_About this exercise_
Give back the lines below exactly, but do not include any pictures.

_The data_
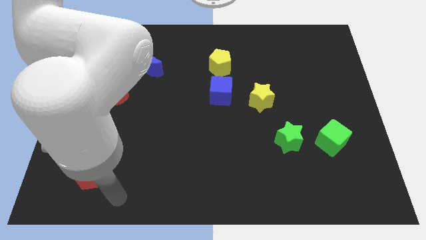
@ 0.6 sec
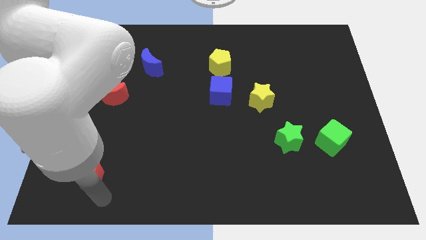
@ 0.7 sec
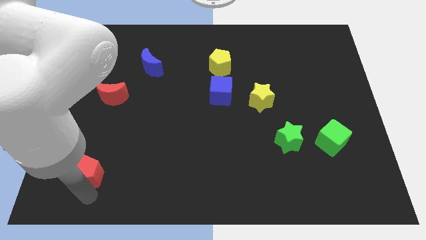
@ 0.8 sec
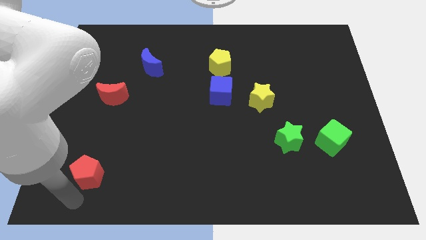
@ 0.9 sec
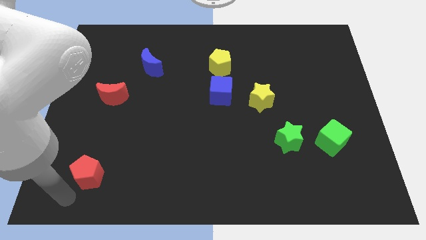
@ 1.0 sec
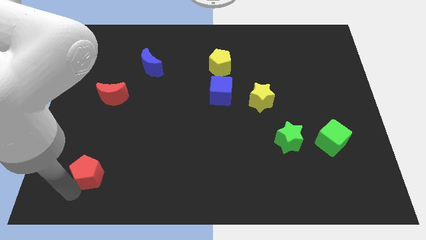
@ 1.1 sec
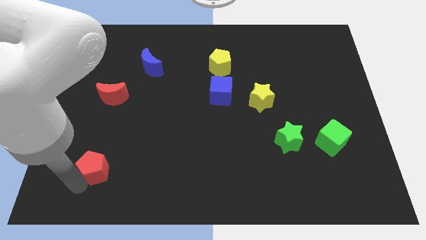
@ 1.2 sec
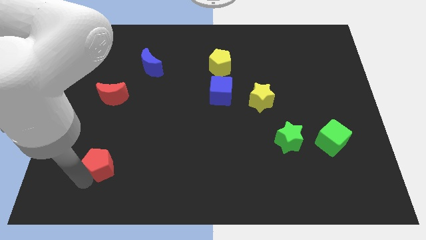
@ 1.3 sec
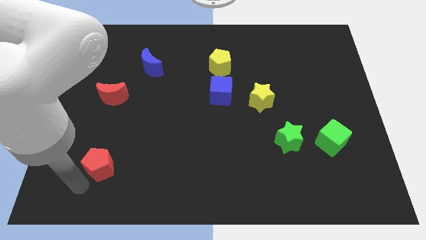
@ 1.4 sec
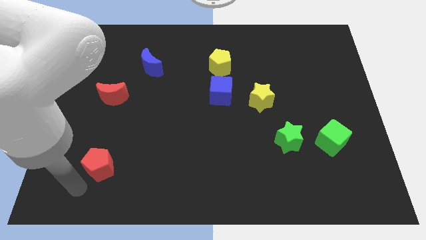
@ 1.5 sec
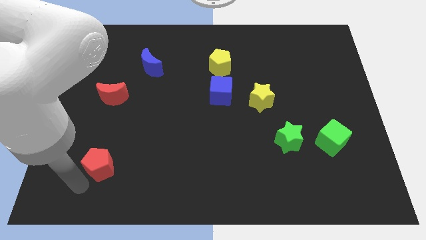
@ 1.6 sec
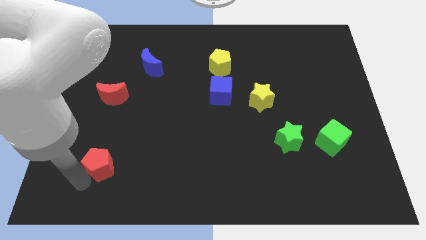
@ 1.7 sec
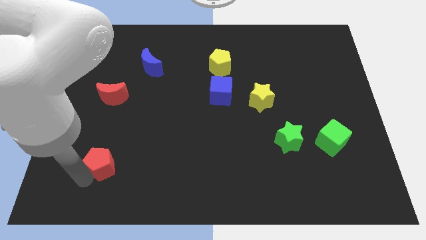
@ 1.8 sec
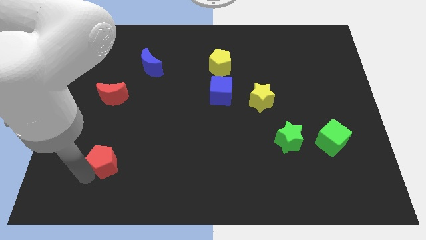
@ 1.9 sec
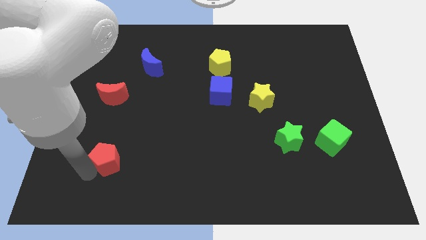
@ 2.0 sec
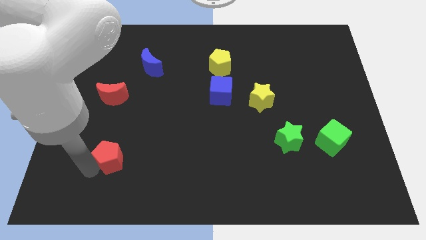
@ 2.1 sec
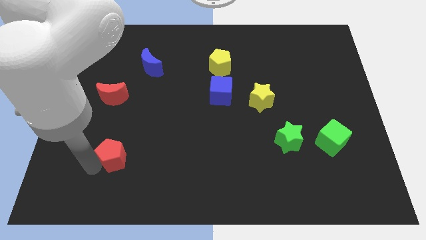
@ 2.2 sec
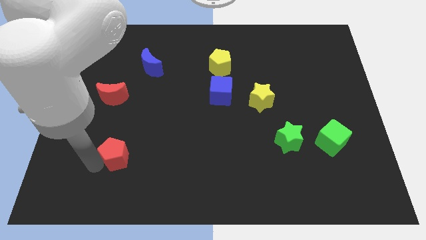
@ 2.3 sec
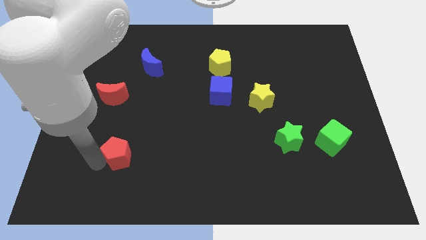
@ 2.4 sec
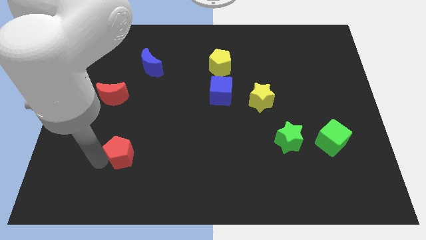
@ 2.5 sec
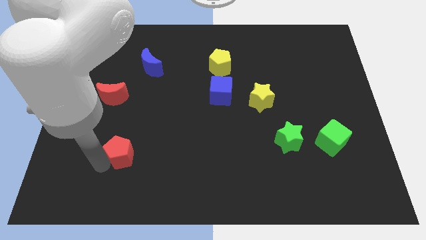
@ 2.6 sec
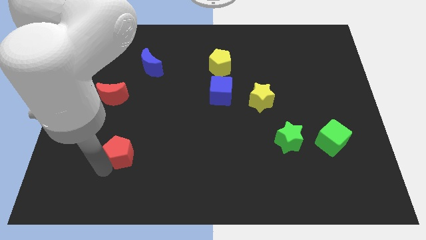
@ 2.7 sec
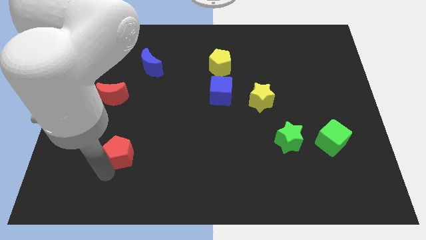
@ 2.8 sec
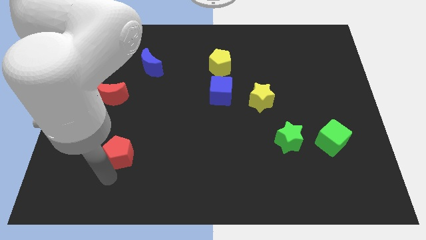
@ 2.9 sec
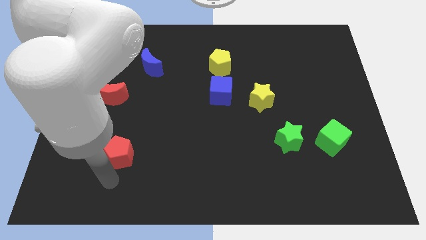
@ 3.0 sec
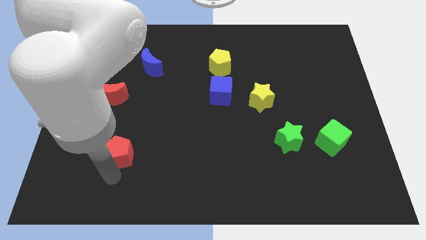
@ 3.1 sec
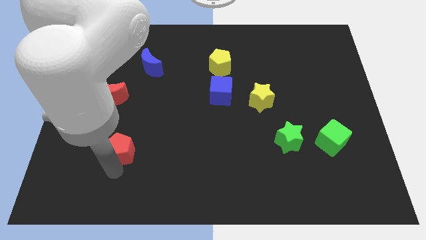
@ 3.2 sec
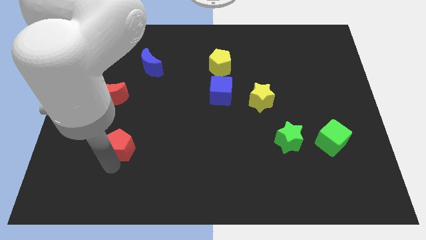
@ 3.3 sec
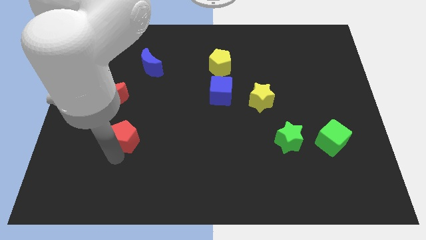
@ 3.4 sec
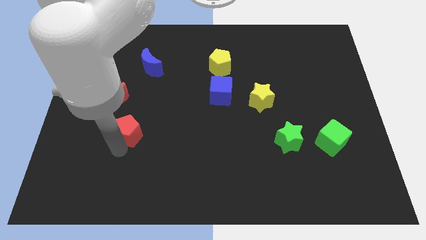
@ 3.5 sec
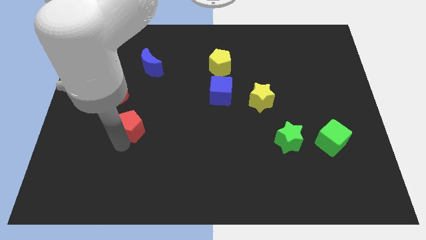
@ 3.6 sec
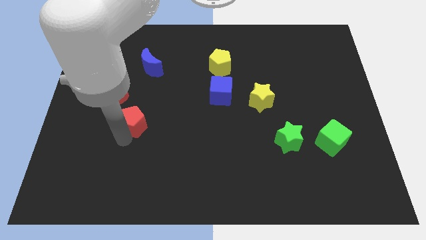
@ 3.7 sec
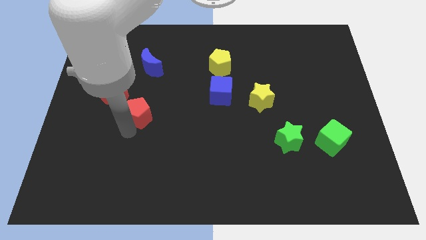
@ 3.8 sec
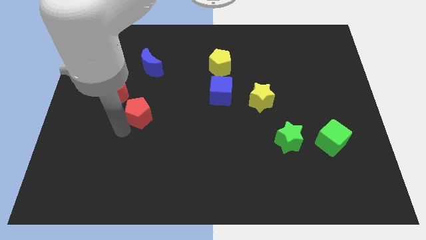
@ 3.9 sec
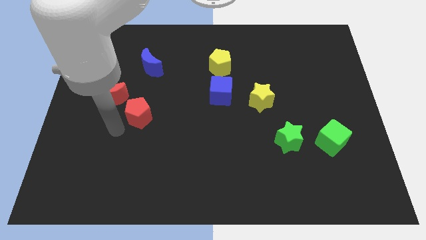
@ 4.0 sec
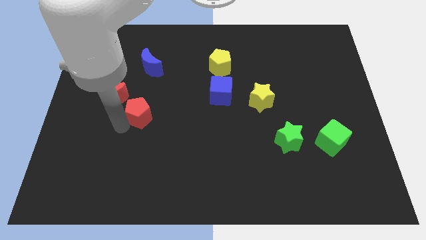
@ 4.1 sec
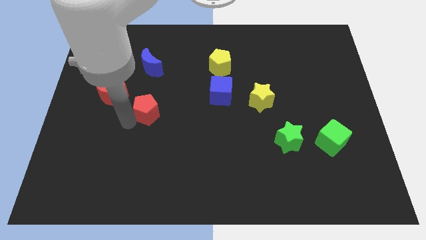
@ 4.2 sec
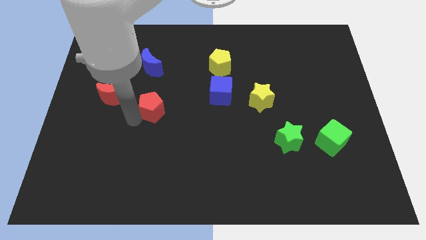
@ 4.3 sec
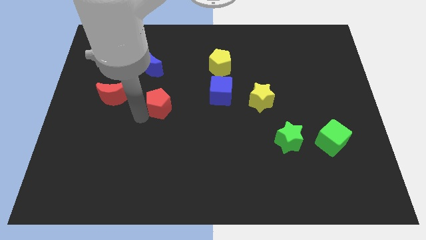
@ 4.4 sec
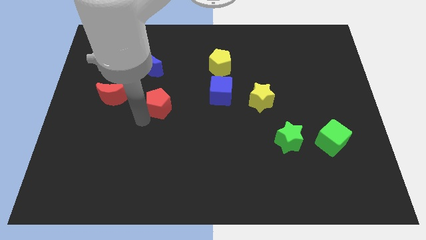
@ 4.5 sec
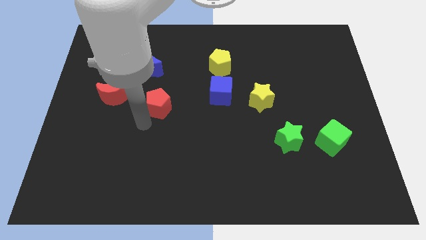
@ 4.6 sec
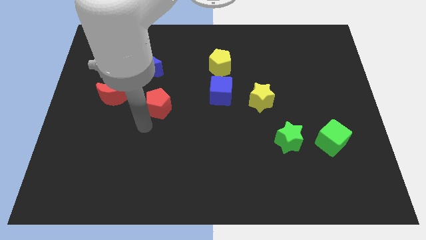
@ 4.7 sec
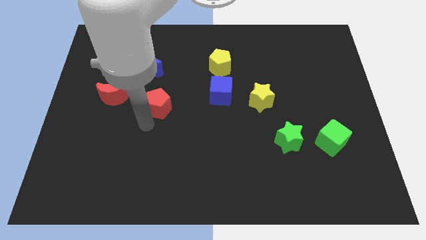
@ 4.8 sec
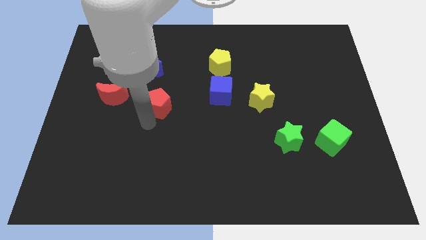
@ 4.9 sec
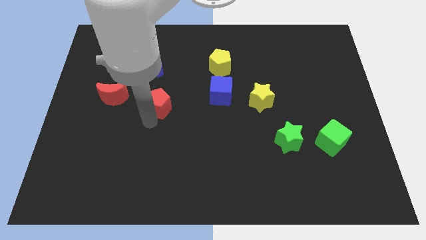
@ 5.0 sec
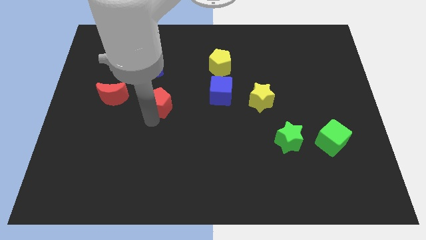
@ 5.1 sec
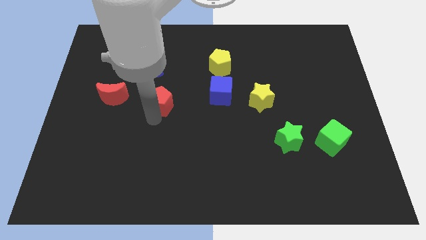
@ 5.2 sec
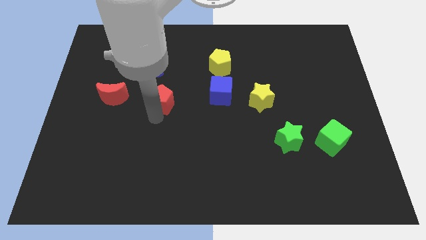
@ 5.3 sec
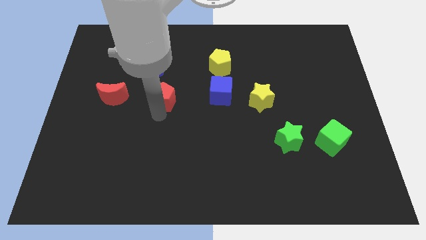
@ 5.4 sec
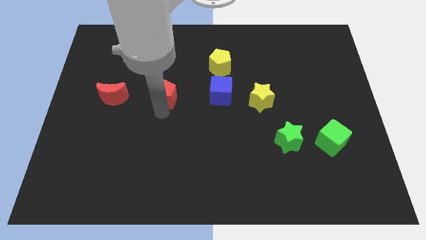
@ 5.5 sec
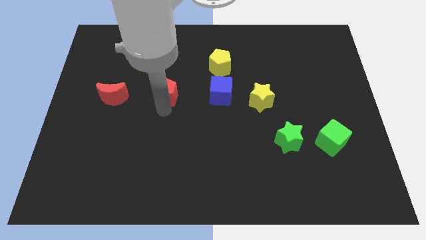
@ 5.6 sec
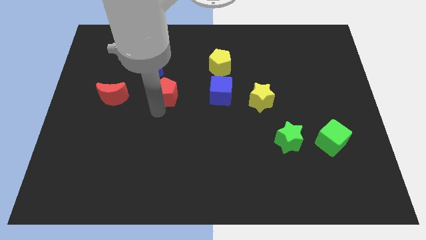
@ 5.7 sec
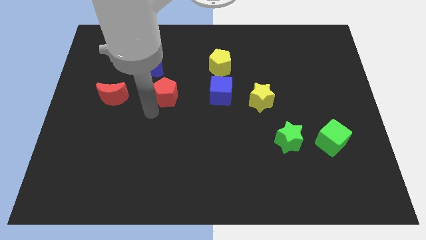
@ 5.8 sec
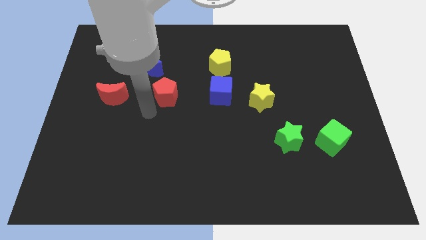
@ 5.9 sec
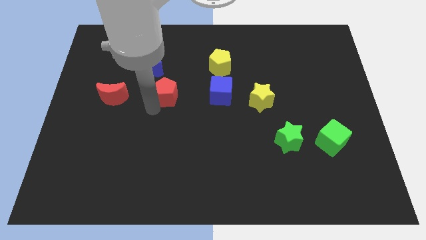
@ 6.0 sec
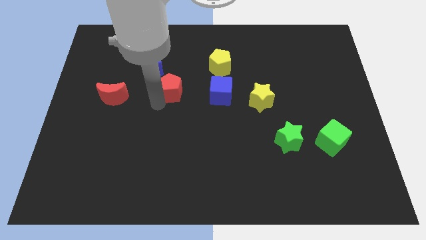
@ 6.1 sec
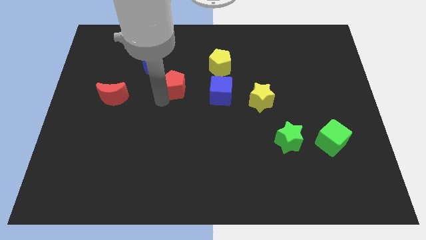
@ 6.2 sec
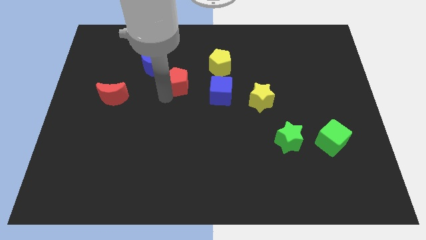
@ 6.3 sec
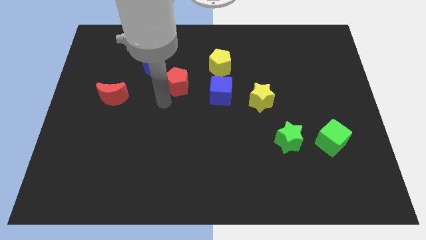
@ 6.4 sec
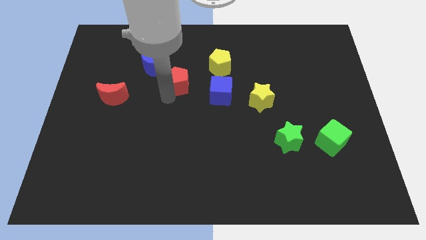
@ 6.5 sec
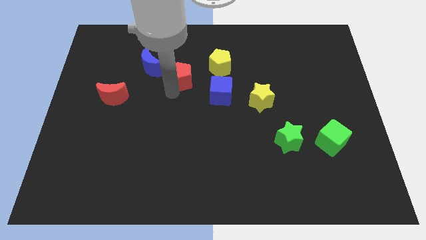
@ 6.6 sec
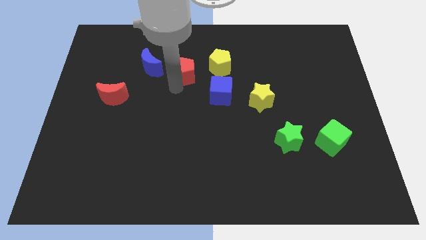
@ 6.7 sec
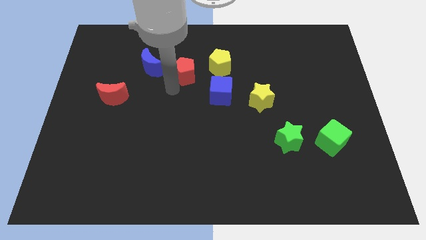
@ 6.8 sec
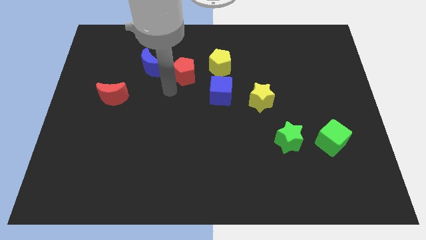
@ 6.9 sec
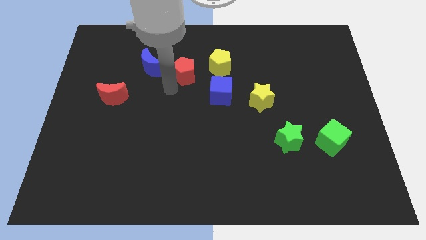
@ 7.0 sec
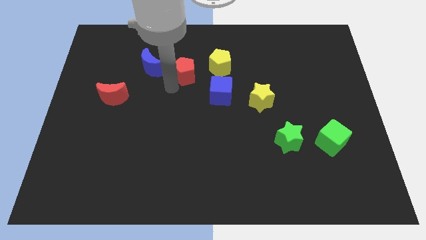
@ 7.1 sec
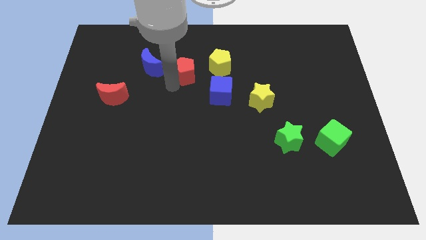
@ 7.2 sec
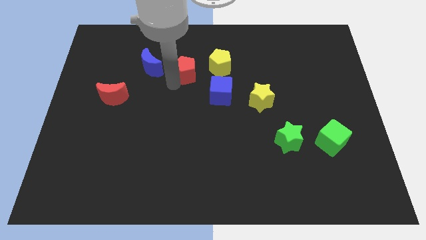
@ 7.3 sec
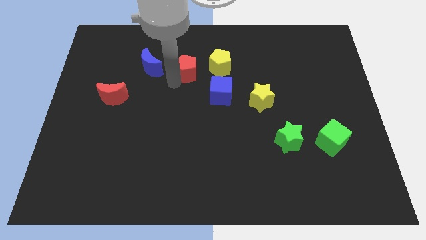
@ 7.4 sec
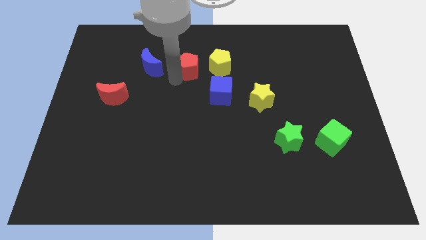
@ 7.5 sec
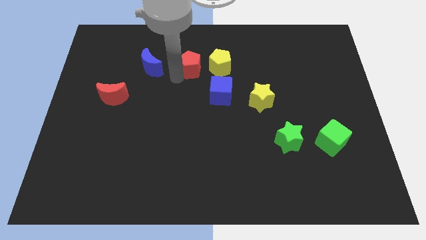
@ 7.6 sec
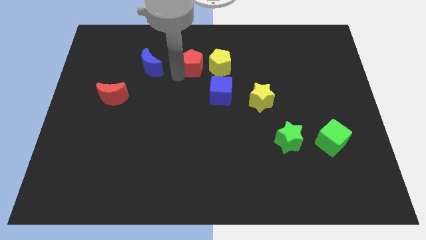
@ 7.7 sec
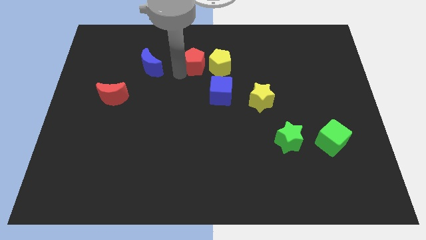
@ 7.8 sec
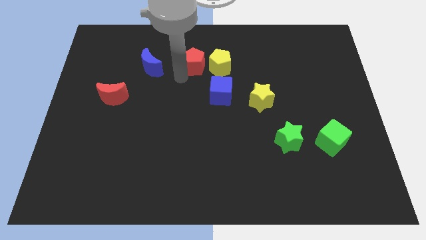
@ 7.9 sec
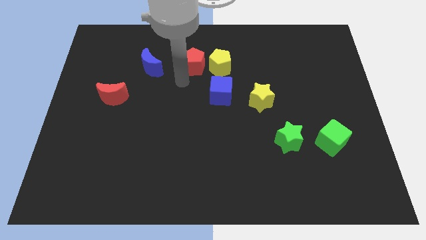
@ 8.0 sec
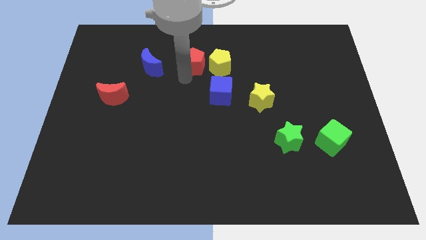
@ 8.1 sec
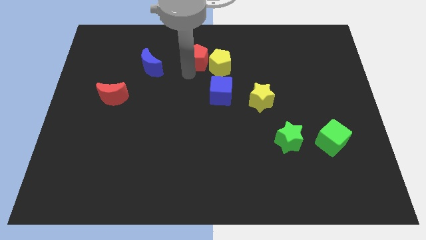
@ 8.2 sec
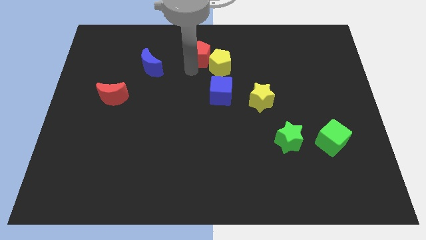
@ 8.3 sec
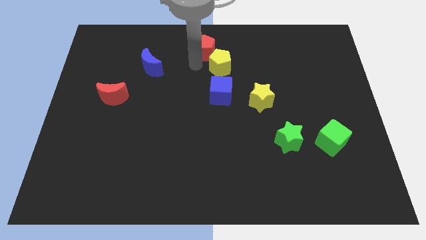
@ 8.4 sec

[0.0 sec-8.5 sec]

_Result for this exercise_
@ 0.6 sec
@ 0.7 sec
@ 0.8 sec
@ 0.9 sec
@ 1.0 sec
@ 1.1 sec
@ 1.2 sec
@ 1.3 sec
@ 1.4 sec
@ 1.5 sec
@ 1.6 sec
@ 1.7 sec
@ 1.8 sec
@ 1.9 sec
@ 2.0 sec
@ 2.1 sec
@ 2.2 sec
@ 2.3 sec
@ 2.4 sec
@ 2.5 sec
@ 2.6 sec
@ 2.7 sec
@ 2.8 sec
@ 2.9 sec
@ 3.0 sec
@ 3.1 sec
@ 3.2 sec
@ 3.3 sec
@ 3.4 sec
@ 3.5 sec
@ 3.6 sec
@ 3.7 sec
@ 3.8 sec
@ 3.9 sec
@ 4.0 sec
@ 4.1 sec
@ 4.2 sec
@ 4.3 sec
@ 4.4 sec
@ 4.5 sec
@ 4.6 sec
@ 4.7 sec
@ 4.8 sec
@ 4.9 sec
@ 5.0 sec
@ 5.1 sec
@ 5.2 sec
@ 5.3 sec
@ 5.4 sec
@ 5.5 sec
@ 5.6 sec
@ 5.7 sec
@ 5.8 sec
@ 5.9 sec
@ 6.0 sec
@ 6.1 sec
@ 6.2 sec
@ 6.3 sec
@ 6.4 sec
@ 6.5 sec
@ 6.6 sec
@ 6.7 sec
@ 6.8 sec
@ 6.9 sec
@ 7.0 sec
@ 7.1 sec
@ 7.2 sec
@ 7.3 sec
@ 7.4 sec
@ 7.5 sec
@ 7.6 sec
@ 7.7 sec
@ 7.8 sec
@ 7.9 sec
@ 8.0 sec
@ 8.1 sec
@ 8.2 sec
@ 8.3 sec
@ 8.4 sec

[0.0 sec-8.5 sec]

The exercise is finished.